Dataset excerpts:
====
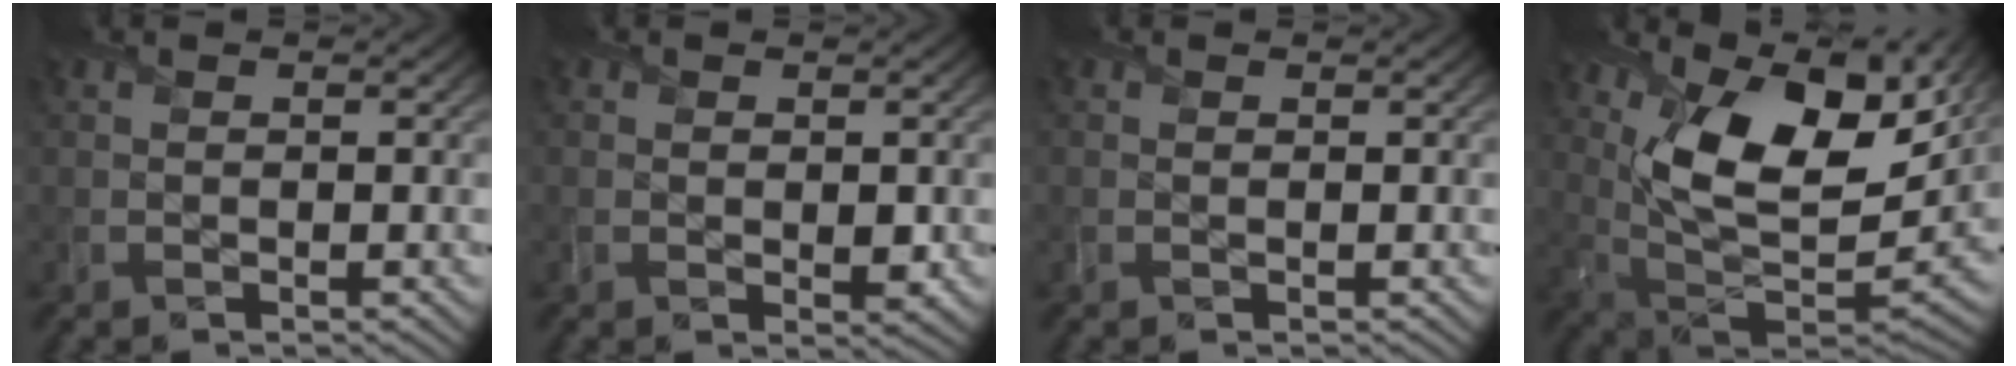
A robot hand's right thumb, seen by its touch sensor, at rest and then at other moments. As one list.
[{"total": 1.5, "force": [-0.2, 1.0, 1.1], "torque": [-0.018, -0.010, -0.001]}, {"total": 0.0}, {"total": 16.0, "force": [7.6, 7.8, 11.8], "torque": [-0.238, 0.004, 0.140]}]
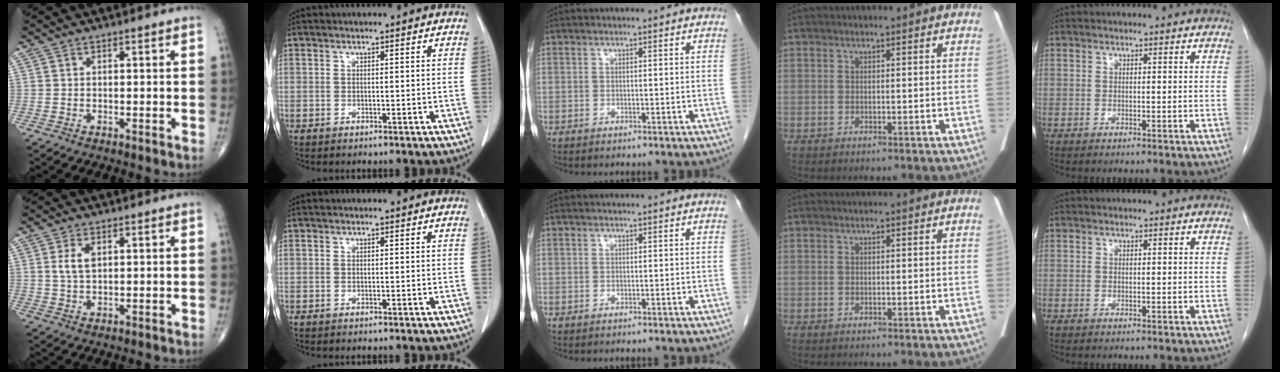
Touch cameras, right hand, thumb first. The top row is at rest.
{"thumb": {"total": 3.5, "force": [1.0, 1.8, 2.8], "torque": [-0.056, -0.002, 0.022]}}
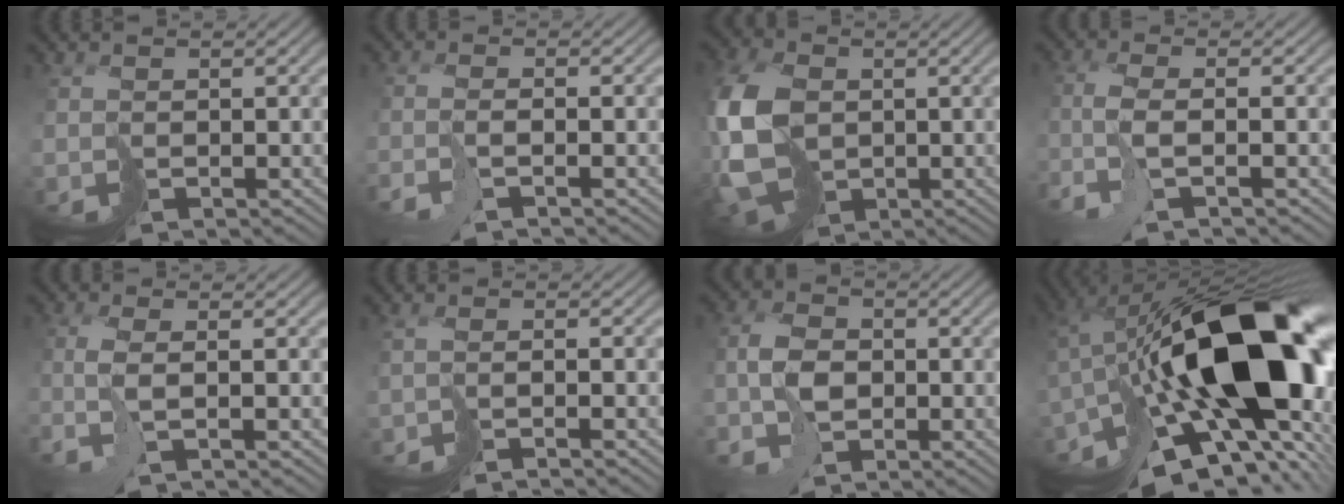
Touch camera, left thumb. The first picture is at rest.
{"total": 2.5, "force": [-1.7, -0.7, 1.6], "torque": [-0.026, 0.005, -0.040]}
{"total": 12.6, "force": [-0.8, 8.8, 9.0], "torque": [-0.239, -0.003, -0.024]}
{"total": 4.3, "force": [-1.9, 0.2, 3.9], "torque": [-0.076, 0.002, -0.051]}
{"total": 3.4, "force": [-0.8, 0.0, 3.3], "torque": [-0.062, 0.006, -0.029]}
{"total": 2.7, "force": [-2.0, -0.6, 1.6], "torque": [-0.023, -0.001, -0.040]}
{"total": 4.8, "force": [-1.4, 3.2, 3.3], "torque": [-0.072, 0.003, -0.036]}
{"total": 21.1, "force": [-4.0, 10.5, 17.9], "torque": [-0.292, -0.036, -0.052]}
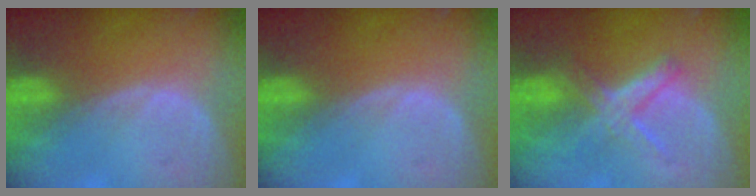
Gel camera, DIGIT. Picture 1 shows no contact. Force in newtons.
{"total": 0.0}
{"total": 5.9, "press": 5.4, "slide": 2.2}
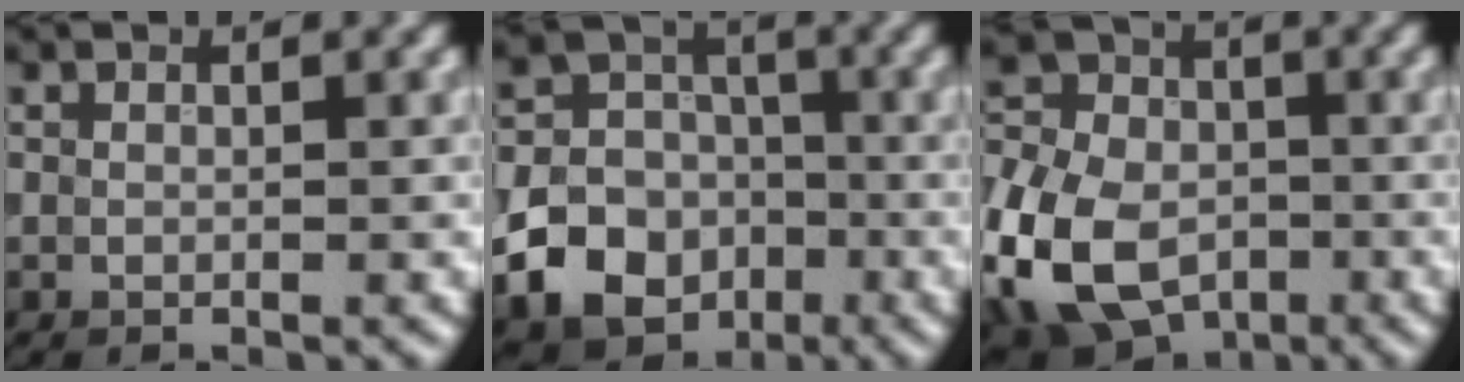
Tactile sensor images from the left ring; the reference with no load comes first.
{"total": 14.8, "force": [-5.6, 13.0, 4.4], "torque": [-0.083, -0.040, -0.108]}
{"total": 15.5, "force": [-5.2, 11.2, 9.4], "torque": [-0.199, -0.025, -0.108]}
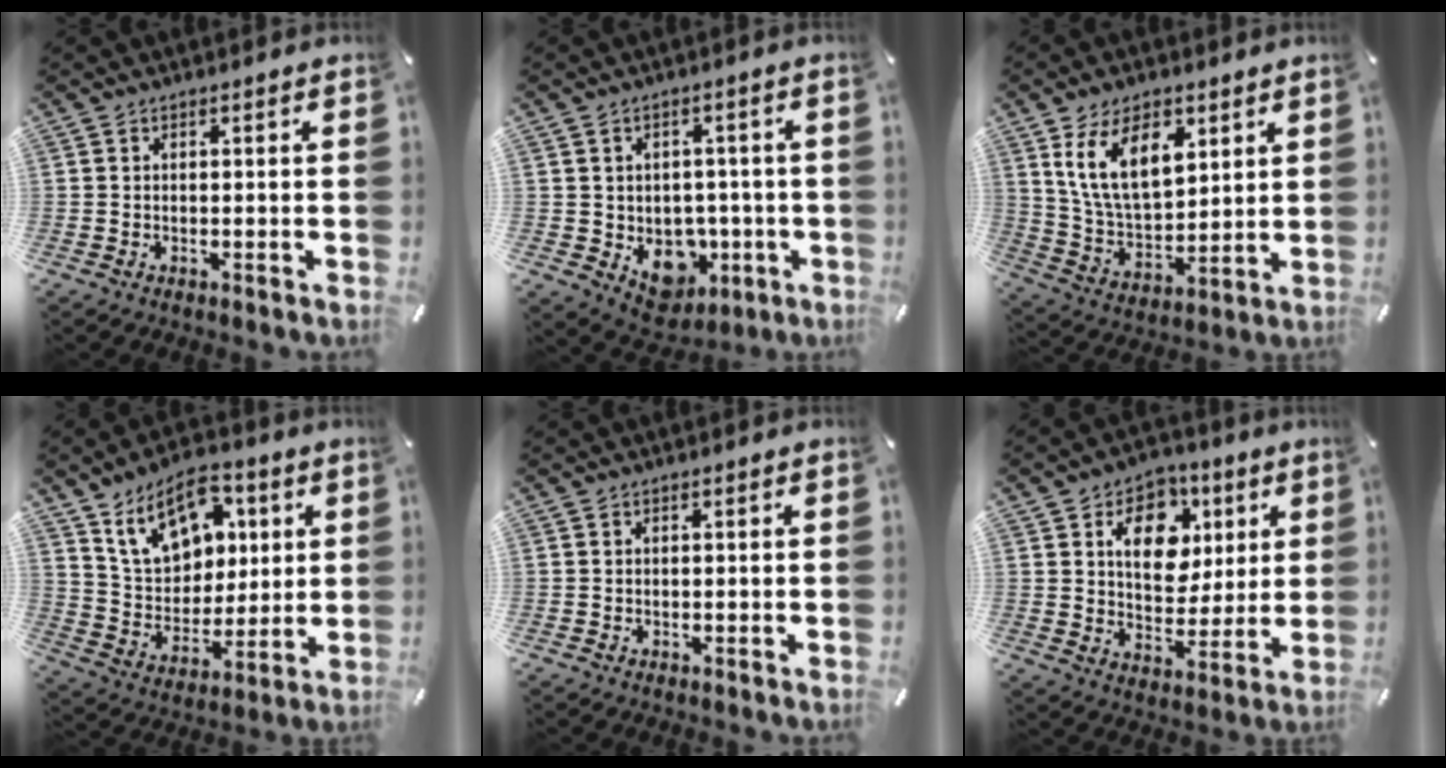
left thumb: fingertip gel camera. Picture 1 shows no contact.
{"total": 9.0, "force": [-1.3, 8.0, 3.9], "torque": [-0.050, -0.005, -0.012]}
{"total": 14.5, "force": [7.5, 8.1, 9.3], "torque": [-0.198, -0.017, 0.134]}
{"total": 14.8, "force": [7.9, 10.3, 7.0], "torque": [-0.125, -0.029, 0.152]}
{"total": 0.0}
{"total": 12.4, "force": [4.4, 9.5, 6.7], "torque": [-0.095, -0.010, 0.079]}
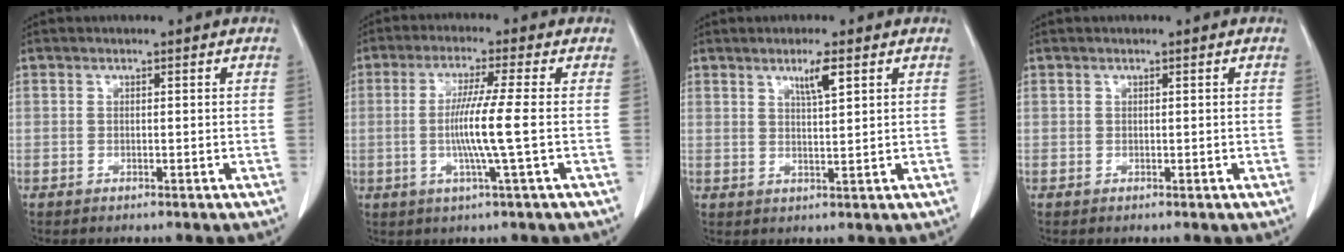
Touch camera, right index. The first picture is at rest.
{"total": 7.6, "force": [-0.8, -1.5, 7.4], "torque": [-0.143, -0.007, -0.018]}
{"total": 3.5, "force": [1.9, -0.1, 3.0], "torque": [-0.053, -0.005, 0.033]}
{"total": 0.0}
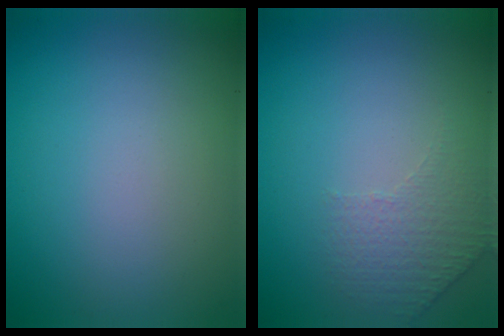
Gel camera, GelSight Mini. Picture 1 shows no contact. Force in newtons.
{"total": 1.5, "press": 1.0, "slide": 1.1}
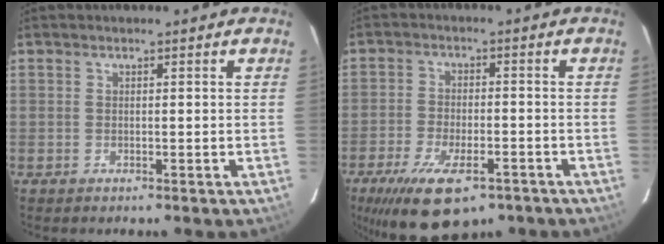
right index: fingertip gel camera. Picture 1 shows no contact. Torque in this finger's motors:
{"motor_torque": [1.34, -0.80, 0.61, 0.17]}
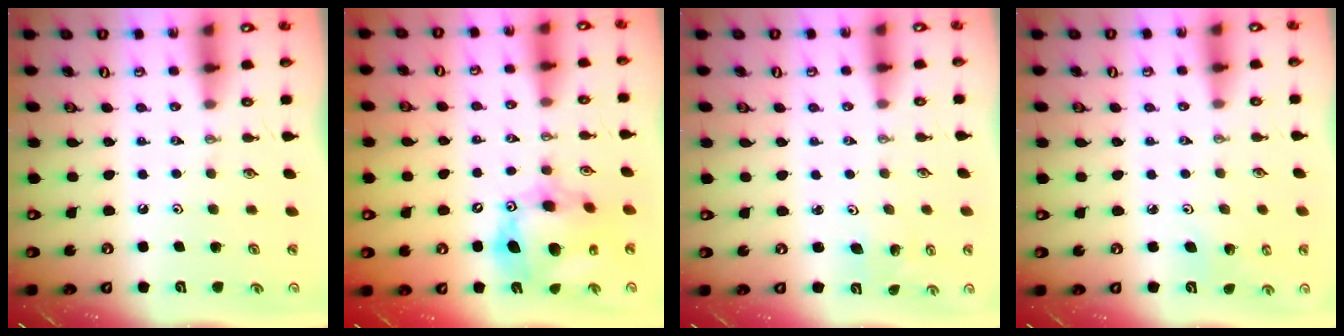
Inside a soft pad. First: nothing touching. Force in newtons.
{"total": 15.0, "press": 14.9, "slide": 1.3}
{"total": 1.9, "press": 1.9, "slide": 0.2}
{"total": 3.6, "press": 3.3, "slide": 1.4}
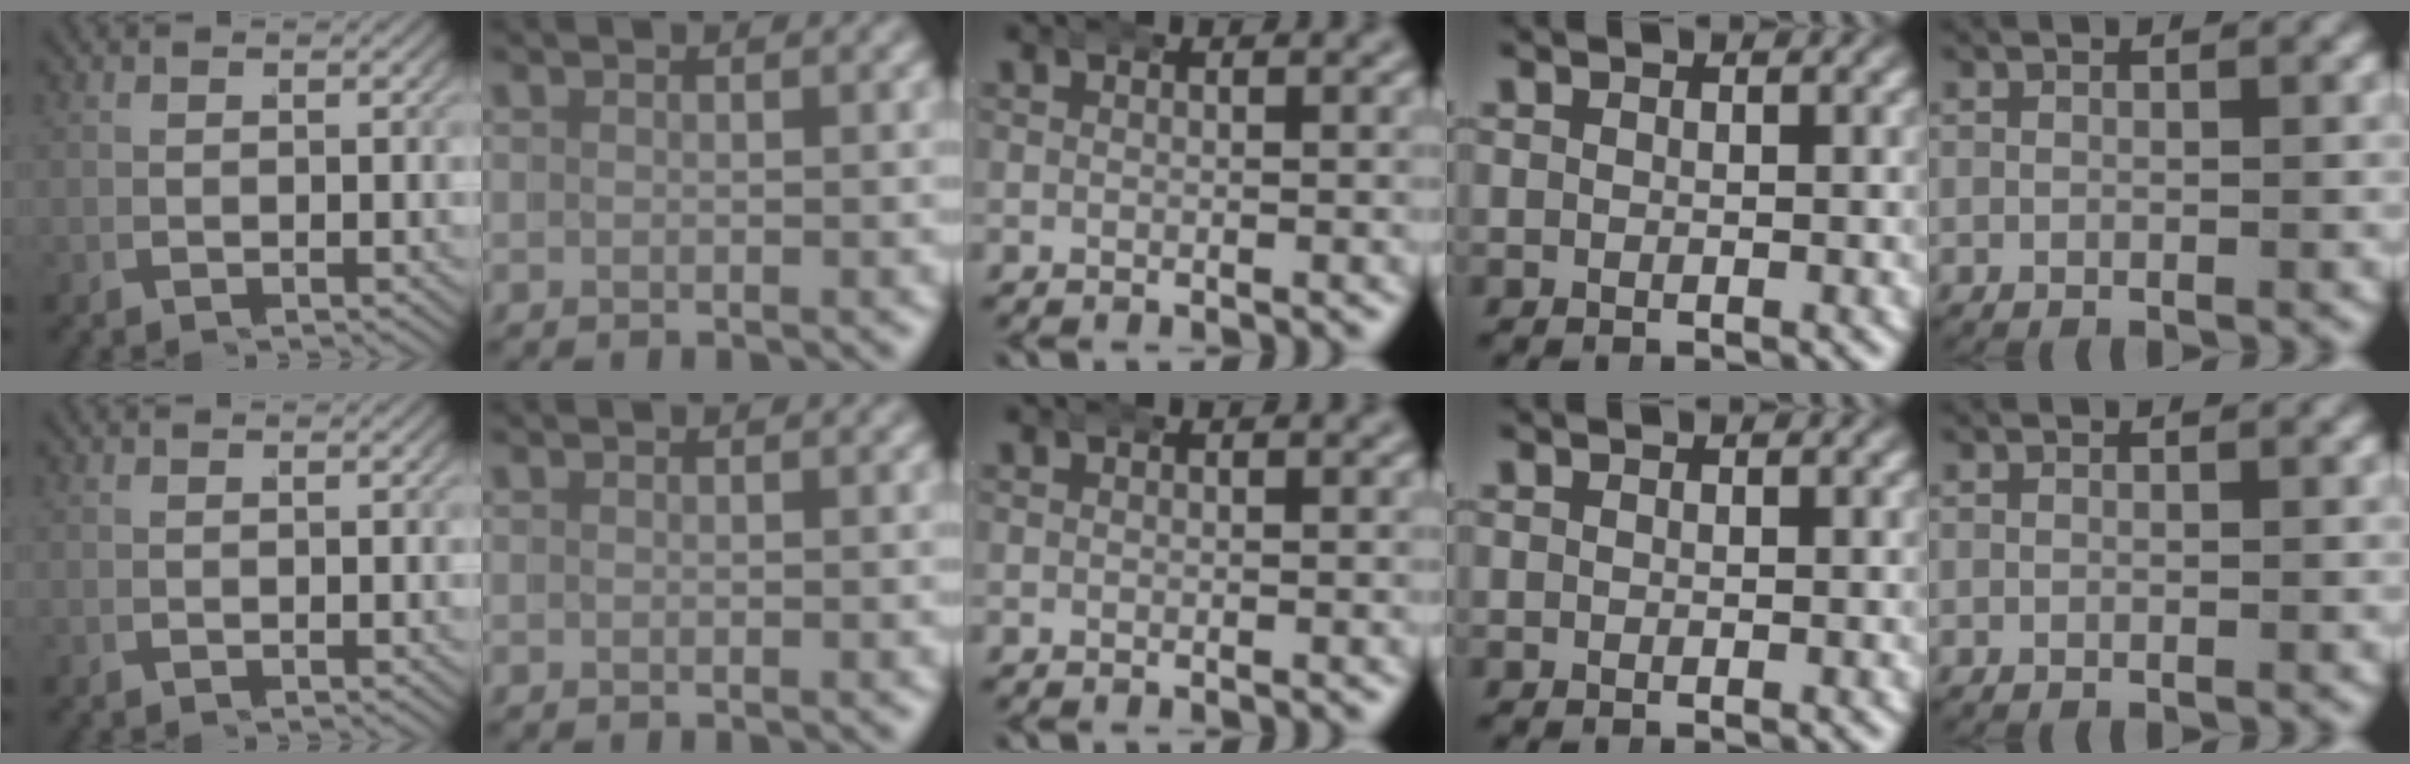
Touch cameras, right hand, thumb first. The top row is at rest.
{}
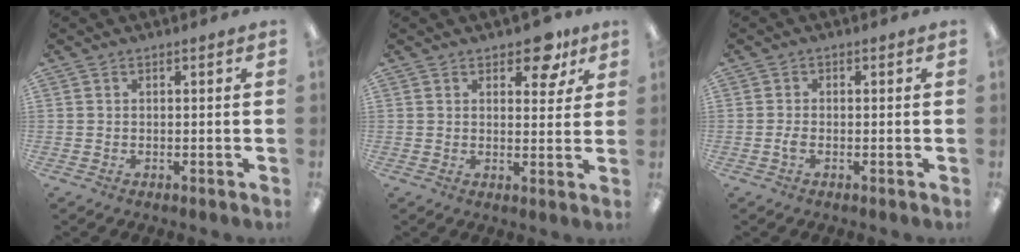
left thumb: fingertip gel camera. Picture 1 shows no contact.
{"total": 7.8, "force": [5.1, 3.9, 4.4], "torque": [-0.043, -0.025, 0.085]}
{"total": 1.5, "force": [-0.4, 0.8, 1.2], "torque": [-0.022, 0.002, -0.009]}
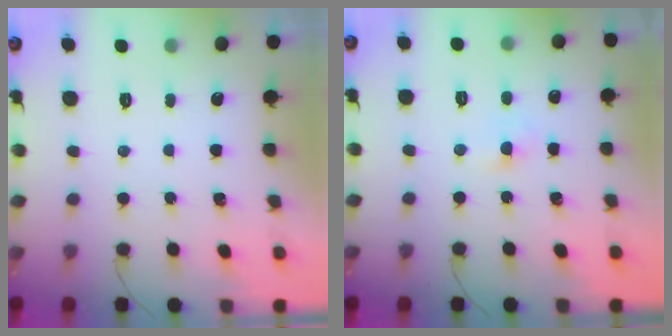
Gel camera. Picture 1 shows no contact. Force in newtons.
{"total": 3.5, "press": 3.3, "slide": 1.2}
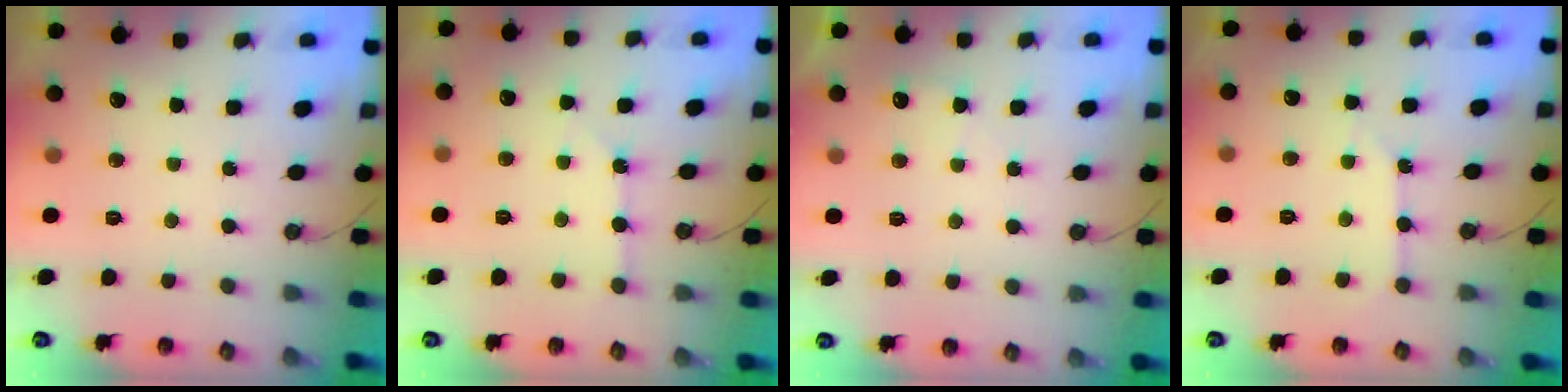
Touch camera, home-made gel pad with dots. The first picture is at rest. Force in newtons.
====
* EXERCISE BRIEF
Take every entry and repeat it verbatim, minus the pictures.

* EXPECTED ANSWER
A robot hand's right thumb, seen by its touch sensor, at rest and then at other moments. As one list.
[{"total": 1.5, "force": [-0.2, 1.0, 1.1], "torque": [-0.018, -0.010, -0.001]}, {"total": 0.0}, {"total": 16.0, "force": [7.6, 7.8, 11.8], "torque": [-0.238, 0.004, 0.140]}]
Touch cameras, right hand, thumb first. The top row is at rest.
{"thumb": {"total": 3.5, "force": [1.0, 1.8, 2.8], "torque": [-0.056, -0.002, 0.022]}}
Touch camera, left thumb. The first picture is at rest.
{"total": 2.5, "force": [-1.7, -0.7, 1.6], "torque": [-0.026, 0.005, -0.040]}
{"total": 12.6, "force": [-0.8, 8.8, 9.0], "torque": [-0.239, -0.003, -0.024]}
{"total": 4.3, "force": [-1.9, 0.2, 3.9], "torque": [-0.076, 0.002, -0.051]}
{"total": 3.4, "force": [-0.8, 0.0, 3.3], "torque": [-0.062, 0.006, -0.029]}
{"total": 2.7, "force": [-2.0, -0.6, 1.6], "torque": [-0.023, -0.001, -0.040]}
{"total": 4.8, "force": [-1.4, 3.2, 3.3], "torque": [-0.072, 0.003, -0.036]}
{"total": 21.1, "force": [-4.0, 10.5, 17.9], "torque": [-0.292, -0.036, -0.052]}
Gel camera, DIGIT. Picture 1 shows no contact. Force in newtons.
{"total": 0.0}
{"total": 5.9, "press": 5.4, "slide": 2.2}
Tactile sensor images from the left ring; the reference with no load comes first.
{"total": 14.8, "force": [-5.6, 13.0, 4.4], "torque": [-0.083, -0.040, -0.108]}
{"total": 15.5, "force": [-5.2, 11.2, 9.4], "torque": [-0.199, -0.025, -0.108]}
left thumb: fingertip gel camera. Picture 1 shows no contact.
{"total": 9.0, "force": [-1.3, 8.0, 3.9], "torque": [-0.050, -0.005, -0.012]}
{"total": 14.5, "force": [7.5, 8.1, 9.3], "torque": [-0.198, -0.017, 0.134]}
{"total": 14.8, "force": [7.9, 10.3, 7.0], "torque": [-0.125, -0.029, 0.152]}
{"total": 0.0}
{"total": 12.4, "force": [4.4, 9.5, 6.7], "torque": [-0.095, -0.010, 0.079]}
Touch camera, right index. The first picture is at rest.
{"total": 7.6, "force": [-0.8, -1.5, 7.4], "torque": [-0.143, -0.007, -0.018]}
{"total": 3.5, "force": [1.9, -0.1, 3.0], "torque": [-0.053, -0.005, 0.033]}
{"total": 0.0}
Gel camera, GelSight Mini. Picture 1 shows no contact. Force in newtons.
{"total": 1.5, "press": 1.0, "slide": 1.1}
right index: fingertip gel camera. Picture 1 shows no contact. Torque in this finger's motors:
{"motor_torque": [1.34, -0.80, 0.61, 0.17]}
Inside a soft pad. First: nothing touching. Force in newtons.
{"total": 15.0, "press": 14.9, "slide": 1.3}
{"total": 1.9, "press": 1.9, "slide": 0.2}
{"total": 3.6, "press": 3.3, "slide": 1.4}
Touch cameras, right hand, thumb first. The top row is at rest.
{}
left thumb: fingertip gel camera. Picture 1 shows no contact.
{"total": 7.8, "force": [5.1, 3.9, 4.4], "torque": [-0.043, -0.025, 0.085]}
{"total": 1.5, "force": [-0.4, 0.8, 1.2], "torque": [-0.022, 0.002, -0.009]}
Gel camera. Picture 1 shows no contact. Force in newtons.
{"total": 3.5, "press": 3.3, "slide": 1.2}
Touch camera, home-made gel pad with dots. The first picture is at rest. Force in newtons.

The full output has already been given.